Cancer mortality. Several randomized controlled trials have studied whether vitamin D supplements lowers the risk of death from cancer, with varying results. For example, in the VITAL trial, vitamin D did not reduce cancer deaths overall, although a mortality reduction was seen in analyses that excluded deaths in the first few years of follow-up. In the D-Health trial, which included Australians 60 years and older, a monthly dose of 60,000 IU vitamin D for 5 years also did not reduce cancer mortality.

However, a meta-analysis of 10 randomized controlled trials through 2018 (including the VITAL trial) found that vitamin D supplementation was associated with a slight (13%) reduction in cancer mortality over 3–10 years of follow-up. A meta-analysis of 21 randomized trials found no evidence that vitamin D supplementation was associated with reduced mortality from all causes combined or from cardiovascular disease.

Many participants in these trials had blood levels of vitamin D that are considered adequate for overall health. This has led to speculation that any effects of vitamin D supplementation on cancer mortality might be more evident in people with low vitamin D levels, and researchers are pursuing this question.

Clinical trials are being conducted to examine the potential benefit of adding vitamin D supplements to other treatments for people with cancer. For example, the phase 3 SOLARIS trial is testing whether adding high-dose vitamin D3 to chemotherapy and bevacizumab would extend the length of time patients with advanced or metastatic colorectal cancer live without their disease getting worse.

Researchers are also studying vitamin D analogs—chemicals with structures similar to that of vitamin D—which may have the anticancer activity of vitamin D but not the toxic effects of high doses. For example, ongoing clinical trials are testing both vitamin D and its analog paricalcitol alone or in combination with other treatments, including immunotherapy and chemotherapy, in patients with pancreatic cancer.

Another research question relates to the differing prevalence of vitamin D deficiency among racial/ethnic groups and whether these may contribute to some cancer disparities. According to NHANES data for 2011–2014, the prevalence of vitamin D deficiency (defined as a serum 25-hydroxyvitamin D concentration of less than 30 nmol/L) among adults in the United States was 18% among non-Hispanic Black people, 2% among non-Hispanic White people, 8% among non-Hispanic Asian people, and 6% among Hispanic people.
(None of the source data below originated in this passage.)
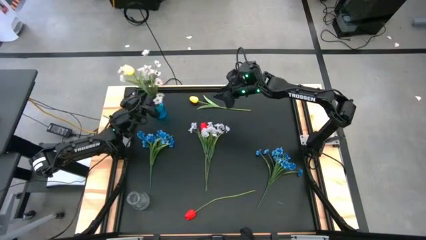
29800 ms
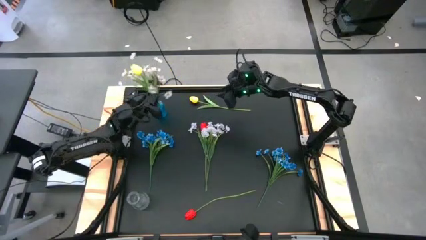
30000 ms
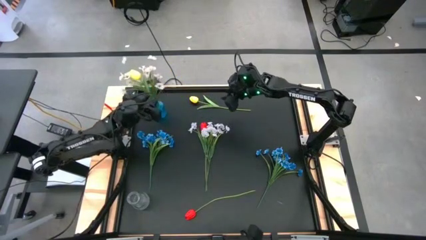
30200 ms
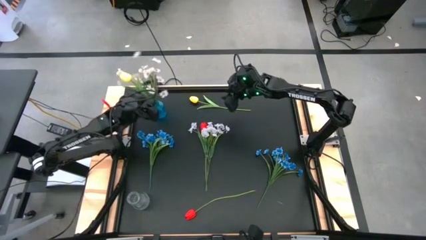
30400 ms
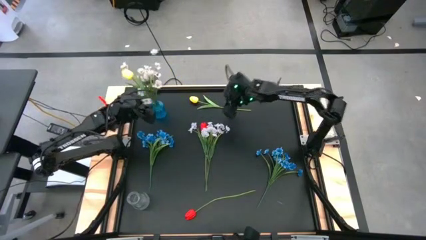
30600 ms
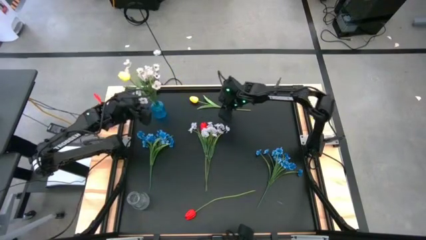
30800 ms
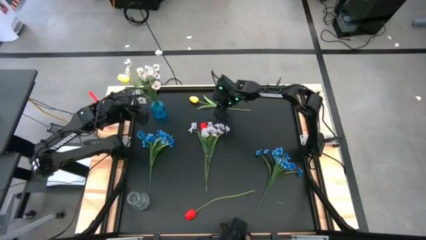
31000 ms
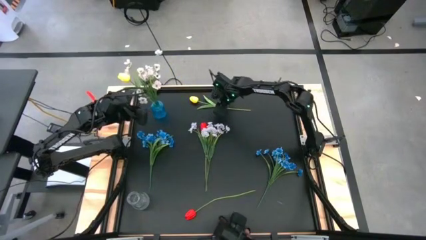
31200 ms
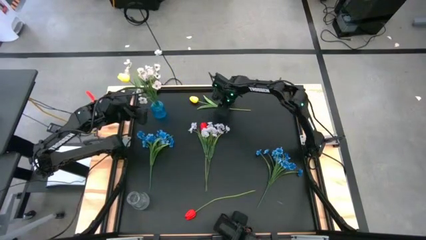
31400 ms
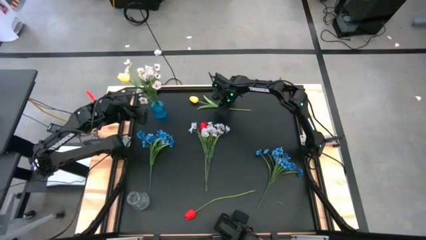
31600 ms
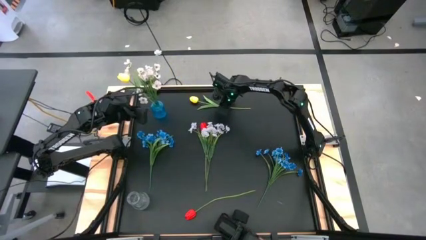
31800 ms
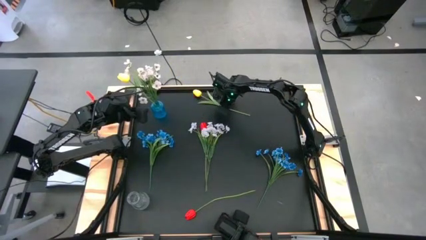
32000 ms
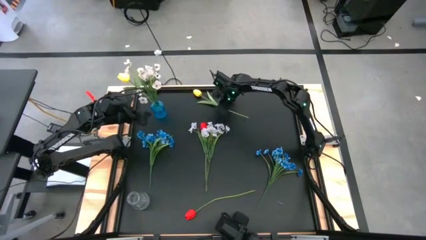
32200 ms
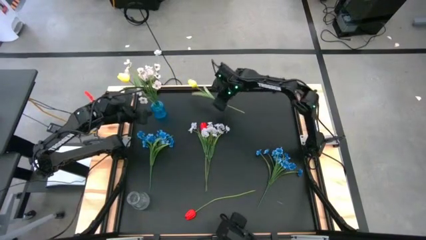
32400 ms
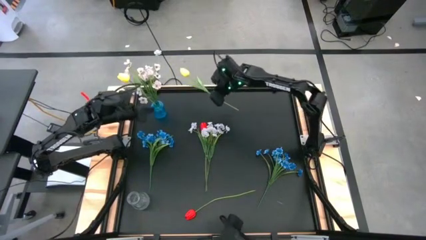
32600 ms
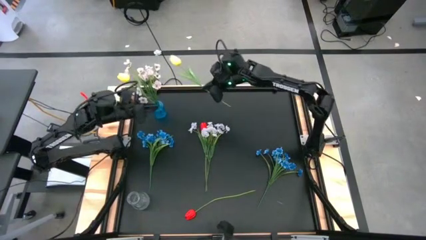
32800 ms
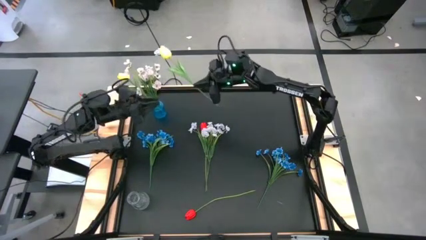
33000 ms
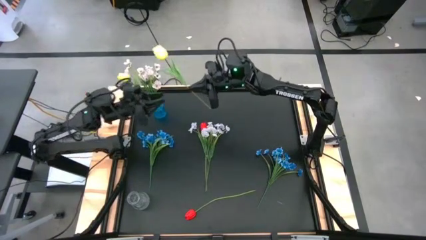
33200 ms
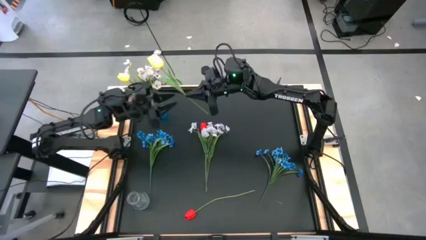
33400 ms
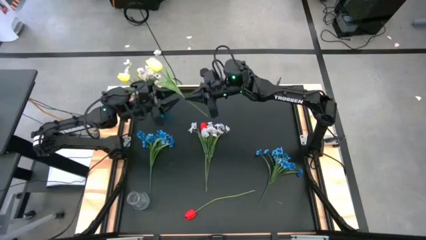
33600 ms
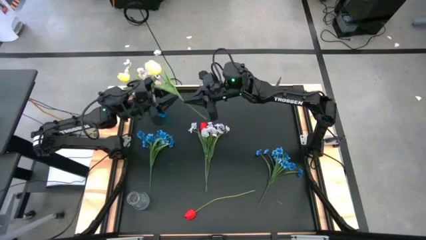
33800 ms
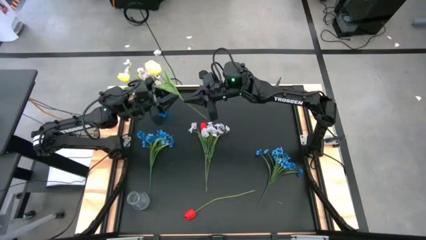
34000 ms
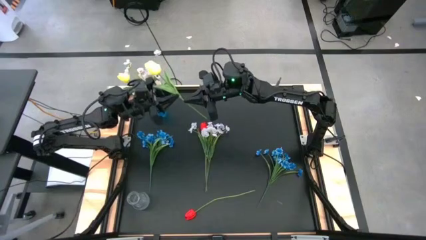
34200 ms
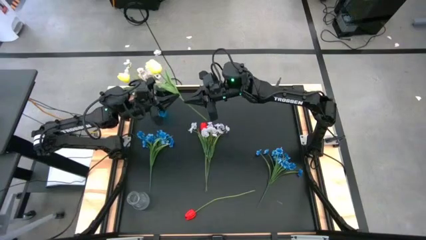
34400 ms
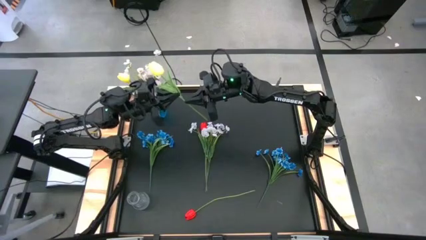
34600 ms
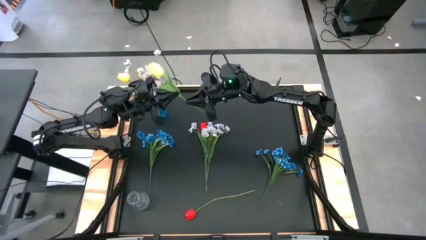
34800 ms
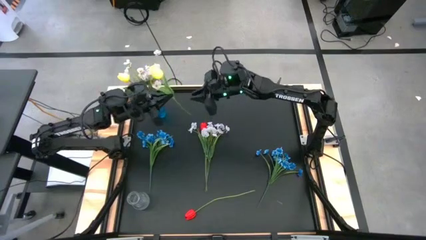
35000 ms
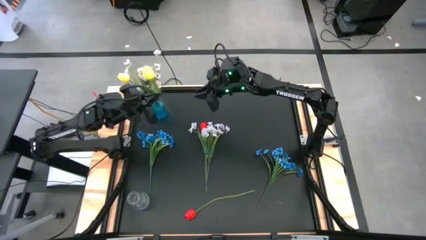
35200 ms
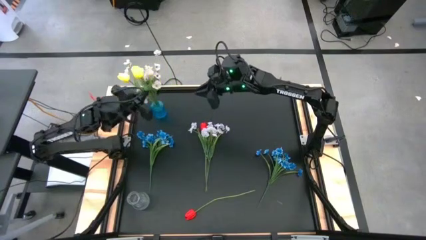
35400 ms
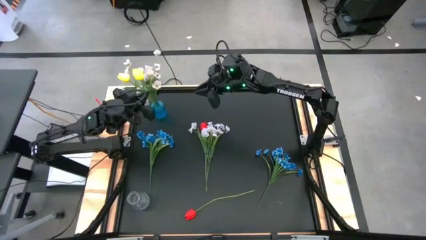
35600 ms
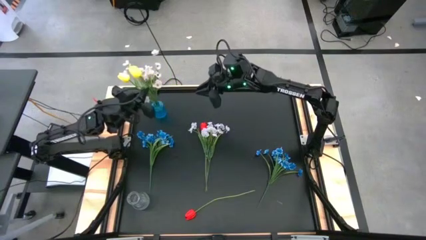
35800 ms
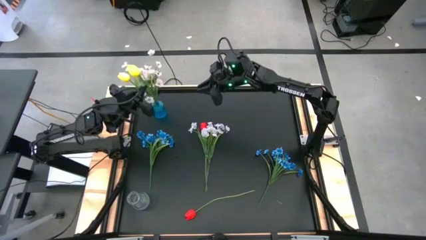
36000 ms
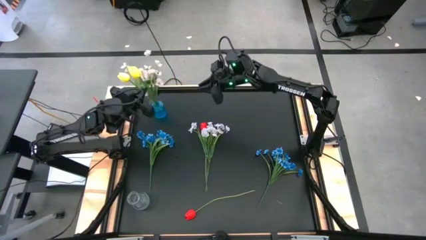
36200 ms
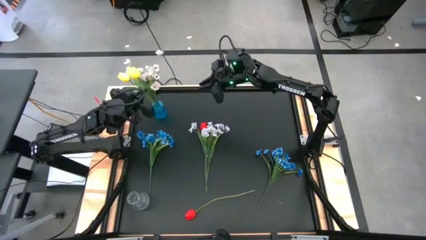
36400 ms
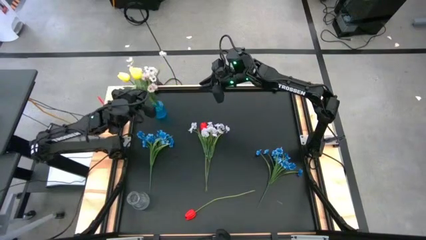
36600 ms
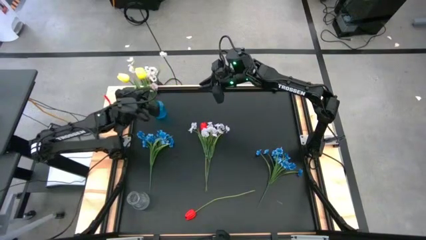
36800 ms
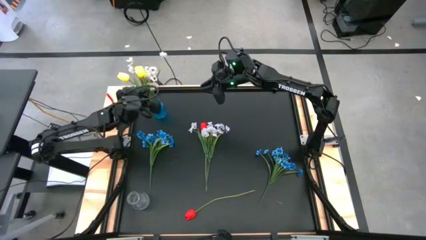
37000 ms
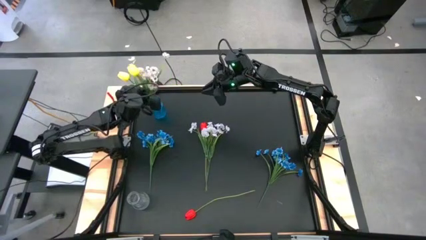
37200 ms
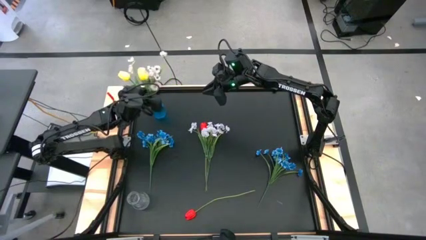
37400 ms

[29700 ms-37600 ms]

Black people are also less likely to use vitamin D supplements than White people.

Observational studies and investigations of biological mechanisms through which vitamin D status and supplementation influence cancer risk are ongoing. Also under study is whether any beneficial effects of vitamin D on cancer outcomes may be restricted to people who have certain genetic variants in genes that metabolize or transport vitamin D. For example, a recent analysis of a US population found improved cancer survival primarily among women and men with a specific form of a vitamin D binding protein called GC.